Purpose : Inherited Retinal Diseases (IRDs) affect the retina by causing dysfunction, death, and vision loss. Given their heterogenous nature, the genetic basis of IRDs can be difficult to diagnose in at least a third of patients. This study aims to eluciate the genetics underlying IRDs by identifying candidate IRD genes and determining their role in retinal biology.

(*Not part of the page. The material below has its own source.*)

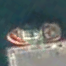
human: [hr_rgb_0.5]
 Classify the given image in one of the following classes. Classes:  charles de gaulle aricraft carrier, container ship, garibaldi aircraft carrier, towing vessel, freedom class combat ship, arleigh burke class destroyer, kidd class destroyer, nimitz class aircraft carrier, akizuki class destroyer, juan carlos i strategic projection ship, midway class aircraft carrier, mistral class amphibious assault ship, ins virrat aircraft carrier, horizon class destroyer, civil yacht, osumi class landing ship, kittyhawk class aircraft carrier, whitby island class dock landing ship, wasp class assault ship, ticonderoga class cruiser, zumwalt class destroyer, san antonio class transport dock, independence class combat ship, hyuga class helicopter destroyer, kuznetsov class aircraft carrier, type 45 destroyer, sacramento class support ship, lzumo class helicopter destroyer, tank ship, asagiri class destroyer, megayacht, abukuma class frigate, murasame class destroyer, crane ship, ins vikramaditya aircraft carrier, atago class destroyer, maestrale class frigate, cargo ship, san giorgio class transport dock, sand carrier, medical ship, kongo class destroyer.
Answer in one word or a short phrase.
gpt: Towing vessel

Methods : The International Mouse Phenotyping Consortium (IMPC) database of single gene knockout (KO) mice was queried for retinal abnormalities. A comprehensive literature search was performed on all genes associated with abnormal retinal phenotypes to determine known roles in IRDs and retinal biology. Genes without previously published roles in the retina were considered candidate IRD genes. A similar process was used for established IRD genes from the Retinal Information Network (RetNet). Signaling pathways, molecular functions, and protein-protein interaction data of these gene sets were obtained through the Protein Analysis through Evolutionary Relationships (PANTHER) classification system, Kyoto Encyclopedia of Genes and Genomes (KEGG), Reactome, Wikipathways, and String-db.

Results : 572 unique genes were associated with significant (P<0.0001) abnormal retinal phenotypes in IMPC KO mouse lines, 377 of which have no established roles in retinal biology or disease in humans or mice. Validation of abnormal candidate gene phenotypes against those found in independent publications suggests a human disease-mouse model concordance of 87.2%. Pathway analysis of the 377 candidate IRD genes highlighted revealed 43 signaling pathways not yet represented by existing IRD genes. Similarly, we found highly represented pathways such as the mitogen-activated protein kinase (MAPK) signaling pathway. String-db analysis revealed several clusters where an established IRD gene interacts with candidate genes; nine novel clusters composed solely of candidate genes were also found.

Conclusions : A systematic analysis of KO mouse lines identified 377 novel candidate IRD genes that, when knocked out, resulted in a statistically significant abnormal retinal phenotype. Bioinformatic analysis of these candidate genes revealed similar molecular functions between candidate and established IRD genes. They also revealed several pathways and functional clusters unique to candidate genes which may represent novel or underappreciated mechanisms underlying the development of human IRDs.

This abstract was presented at the 2024 ARVO Annual Meeting, held in Seattle, WA, May 5-9, 2024.